======== Source information
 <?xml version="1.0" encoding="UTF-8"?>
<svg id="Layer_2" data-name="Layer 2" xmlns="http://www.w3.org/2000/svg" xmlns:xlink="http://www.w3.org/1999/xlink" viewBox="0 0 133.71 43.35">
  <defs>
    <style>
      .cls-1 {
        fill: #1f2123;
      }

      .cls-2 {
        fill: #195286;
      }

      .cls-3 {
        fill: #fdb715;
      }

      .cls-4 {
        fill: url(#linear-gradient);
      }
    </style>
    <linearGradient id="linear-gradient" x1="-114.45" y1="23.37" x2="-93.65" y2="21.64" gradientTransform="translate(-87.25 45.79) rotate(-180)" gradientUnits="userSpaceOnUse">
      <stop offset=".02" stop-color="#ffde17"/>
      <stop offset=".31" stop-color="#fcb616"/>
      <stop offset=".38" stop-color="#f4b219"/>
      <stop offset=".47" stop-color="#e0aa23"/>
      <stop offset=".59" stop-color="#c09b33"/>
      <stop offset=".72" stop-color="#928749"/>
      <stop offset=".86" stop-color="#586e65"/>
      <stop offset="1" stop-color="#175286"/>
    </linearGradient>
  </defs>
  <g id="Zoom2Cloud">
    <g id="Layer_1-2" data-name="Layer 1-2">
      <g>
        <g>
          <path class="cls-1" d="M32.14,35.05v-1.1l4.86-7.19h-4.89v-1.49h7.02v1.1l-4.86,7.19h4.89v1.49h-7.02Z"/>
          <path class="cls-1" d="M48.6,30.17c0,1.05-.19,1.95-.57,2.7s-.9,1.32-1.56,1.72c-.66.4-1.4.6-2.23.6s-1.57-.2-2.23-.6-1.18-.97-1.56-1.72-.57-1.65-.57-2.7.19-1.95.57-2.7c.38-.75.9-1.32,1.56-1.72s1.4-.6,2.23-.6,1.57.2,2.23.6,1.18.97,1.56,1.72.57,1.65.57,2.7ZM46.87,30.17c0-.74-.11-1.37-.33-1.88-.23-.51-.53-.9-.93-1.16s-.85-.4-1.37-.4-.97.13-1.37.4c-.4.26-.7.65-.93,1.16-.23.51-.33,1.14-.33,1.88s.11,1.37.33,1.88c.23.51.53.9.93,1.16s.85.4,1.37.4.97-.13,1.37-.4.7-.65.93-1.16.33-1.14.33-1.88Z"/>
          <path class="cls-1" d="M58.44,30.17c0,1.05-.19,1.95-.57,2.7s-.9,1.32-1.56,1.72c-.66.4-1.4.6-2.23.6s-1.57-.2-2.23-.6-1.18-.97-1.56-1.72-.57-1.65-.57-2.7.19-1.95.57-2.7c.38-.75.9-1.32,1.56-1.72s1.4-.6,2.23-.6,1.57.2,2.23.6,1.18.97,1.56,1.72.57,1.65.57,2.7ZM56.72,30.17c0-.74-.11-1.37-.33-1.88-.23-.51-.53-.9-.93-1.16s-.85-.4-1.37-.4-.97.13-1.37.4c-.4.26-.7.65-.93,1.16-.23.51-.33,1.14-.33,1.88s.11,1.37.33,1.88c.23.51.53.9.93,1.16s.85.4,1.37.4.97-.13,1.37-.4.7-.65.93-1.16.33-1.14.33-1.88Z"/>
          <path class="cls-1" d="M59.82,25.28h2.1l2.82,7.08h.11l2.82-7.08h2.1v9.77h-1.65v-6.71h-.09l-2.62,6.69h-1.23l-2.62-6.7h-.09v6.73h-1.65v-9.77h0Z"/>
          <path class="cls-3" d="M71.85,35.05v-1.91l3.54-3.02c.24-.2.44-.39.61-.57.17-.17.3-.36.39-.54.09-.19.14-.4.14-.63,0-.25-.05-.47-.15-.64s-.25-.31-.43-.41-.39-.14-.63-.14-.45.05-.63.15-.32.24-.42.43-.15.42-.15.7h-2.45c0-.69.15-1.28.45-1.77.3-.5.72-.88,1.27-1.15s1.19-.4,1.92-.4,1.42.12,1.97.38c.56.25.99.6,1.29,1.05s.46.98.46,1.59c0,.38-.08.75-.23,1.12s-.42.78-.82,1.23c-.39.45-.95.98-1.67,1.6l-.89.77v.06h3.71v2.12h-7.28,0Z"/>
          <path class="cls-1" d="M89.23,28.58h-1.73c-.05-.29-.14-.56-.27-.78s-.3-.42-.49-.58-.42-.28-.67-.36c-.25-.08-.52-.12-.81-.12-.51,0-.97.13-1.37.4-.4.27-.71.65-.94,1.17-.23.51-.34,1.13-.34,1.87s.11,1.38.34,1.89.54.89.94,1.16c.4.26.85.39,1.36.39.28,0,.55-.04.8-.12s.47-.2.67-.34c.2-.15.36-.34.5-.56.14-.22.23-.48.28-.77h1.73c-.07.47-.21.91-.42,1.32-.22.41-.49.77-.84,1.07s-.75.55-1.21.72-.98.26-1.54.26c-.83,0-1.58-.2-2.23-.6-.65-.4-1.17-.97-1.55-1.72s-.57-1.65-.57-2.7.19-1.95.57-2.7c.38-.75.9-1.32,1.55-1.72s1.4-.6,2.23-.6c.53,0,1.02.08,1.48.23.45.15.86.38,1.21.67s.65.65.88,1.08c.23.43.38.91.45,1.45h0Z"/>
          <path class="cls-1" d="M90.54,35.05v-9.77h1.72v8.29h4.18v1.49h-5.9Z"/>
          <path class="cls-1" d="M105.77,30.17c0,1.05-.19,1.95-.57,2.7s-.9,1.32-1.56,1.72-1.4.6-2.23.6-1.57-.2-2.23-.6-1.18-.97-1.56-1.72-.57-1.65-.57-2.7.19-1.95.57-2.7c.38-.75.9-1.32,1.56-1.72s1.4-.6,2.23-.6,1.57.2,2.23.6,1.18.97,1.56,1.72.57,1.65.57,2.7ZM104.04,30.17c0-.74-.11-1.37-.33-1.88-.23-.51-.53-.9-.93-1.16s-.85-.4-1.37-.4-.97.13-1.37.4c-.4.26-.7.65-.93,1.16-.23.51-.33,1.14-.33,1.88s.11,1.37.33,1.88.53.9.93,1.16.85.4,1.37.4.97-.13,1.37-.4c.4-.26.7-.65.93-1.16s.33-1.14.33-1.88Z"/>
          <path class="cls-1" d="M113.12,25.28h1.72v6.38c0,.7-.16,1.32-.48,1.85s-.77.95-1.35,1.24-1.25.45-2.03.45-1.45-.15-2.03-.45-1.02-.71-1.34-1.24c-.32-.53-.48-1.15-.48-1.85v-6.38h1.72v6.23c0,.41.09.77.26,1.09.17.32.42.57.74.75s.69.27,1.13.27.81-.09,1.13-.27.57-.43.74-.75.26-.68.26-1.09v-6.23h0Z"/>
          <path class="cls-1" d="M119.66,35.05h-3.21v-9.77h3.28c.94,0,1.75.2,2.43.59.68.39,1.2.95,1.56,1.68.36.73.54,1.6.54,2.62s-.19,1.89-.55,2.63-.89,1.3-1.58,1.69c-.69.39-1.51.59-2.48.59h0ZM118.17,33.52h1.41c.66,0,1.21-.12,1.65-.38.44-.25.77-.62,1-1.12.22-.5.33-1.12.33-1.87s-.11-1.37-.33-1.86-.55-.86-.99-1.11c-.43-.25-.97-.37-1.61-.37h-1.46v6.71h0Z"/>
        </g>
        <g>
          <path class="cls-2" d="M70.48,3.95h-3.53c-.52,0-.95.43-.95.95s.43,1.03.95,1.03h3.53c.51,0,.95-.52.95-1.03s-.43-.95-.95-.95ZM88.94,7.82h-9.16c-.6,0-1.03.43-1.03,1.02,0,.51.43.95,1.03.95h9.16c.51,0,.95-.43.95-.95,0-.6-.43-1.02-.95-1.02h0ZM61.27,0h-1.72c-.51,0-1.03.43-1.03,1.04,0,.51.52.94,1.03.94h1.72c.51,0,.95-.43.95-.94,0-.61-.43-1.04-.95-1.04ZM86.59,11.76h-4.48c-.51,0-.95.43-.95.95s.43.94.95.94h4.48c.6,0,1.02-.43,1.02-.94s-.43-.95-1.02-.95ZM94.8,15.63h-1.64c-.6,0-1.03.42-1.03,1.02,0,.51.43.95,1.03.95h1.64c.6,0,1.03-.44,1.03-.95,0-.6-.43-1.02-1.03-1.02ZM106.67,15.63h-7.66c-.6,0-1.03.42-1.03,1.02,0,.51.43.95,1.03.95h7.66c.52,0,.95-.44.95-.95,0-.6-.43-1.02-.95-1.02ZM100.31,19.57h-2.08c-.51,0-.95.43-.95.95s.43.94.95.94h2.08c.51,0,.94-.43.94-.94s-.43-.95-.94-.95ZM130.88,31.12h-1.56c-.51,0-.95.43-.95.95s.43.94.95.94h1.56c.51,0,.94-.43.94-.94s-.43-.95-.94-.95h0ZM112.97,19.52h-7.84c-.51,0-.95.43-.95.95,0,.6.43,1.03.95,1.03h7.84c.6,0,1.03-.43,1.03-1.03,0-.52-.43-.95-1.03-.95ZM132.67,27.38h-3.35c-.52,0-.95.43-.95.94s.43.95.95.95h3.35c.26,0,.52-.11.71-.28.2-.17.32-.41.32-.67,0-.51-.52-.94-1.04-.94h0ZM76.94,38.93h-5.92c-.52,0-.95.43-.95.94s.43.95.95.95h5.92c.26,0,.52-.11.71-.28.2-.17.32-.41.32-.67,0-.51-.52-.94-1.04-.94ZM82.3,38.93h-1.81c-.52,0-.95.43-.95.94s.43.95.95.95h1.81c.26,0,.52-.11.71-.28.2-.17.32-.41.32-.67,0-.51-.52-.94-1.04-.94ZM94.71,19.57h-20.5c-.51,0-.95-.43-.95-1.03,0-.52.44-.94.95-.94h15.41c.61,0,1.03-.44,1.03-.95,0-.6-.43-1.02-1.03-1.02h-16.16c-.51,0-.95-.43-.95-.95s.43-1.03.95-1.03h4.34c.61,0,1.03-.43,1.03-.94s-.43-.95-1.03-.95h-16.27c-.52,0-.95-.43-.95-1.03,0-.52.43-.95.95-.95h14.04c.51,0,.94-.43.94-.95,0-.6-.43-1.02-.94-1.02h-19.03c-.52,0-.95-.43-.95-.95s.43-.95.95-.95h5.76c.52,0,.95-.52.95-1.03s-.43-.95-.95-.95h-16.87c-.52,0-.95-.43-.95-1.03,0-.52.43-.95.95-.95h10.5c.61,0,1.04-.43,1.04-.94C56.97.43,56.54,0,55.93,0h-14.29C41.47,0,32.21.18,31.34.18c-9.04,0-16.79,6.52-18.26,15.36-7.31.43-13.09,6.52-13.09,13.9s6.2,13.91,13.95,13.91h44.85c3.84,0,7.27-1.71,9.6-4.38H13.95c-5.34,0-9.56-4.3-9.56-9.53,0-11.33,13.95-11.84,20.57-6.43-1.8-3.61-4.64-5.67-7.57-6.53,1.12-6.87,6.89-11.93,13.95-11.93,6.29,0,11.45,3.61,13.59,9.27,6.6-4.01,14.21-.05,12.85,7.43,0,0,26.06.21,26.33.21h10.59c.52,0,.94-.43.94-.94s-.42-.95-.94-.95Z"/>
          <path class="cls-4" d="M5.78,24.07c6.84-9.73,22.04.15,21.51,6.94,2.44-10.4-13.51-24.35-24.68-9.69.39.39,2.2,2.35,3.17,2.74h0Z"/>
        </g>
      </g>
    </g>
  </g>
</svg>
================
- Problem details: Wherever the string "name" appears in the data above, report the whole line.

- Answer section:
<svg id="Layer_2" data-name="Layer 2" xmlns="http://www.w3.org/2000/svg" xmlns:xlink="http://www.w3.org/1999/xlink" viewBox="0 0 133.71 43.35">
    <g id="Layer_1-2" data-name="Layer 1-2">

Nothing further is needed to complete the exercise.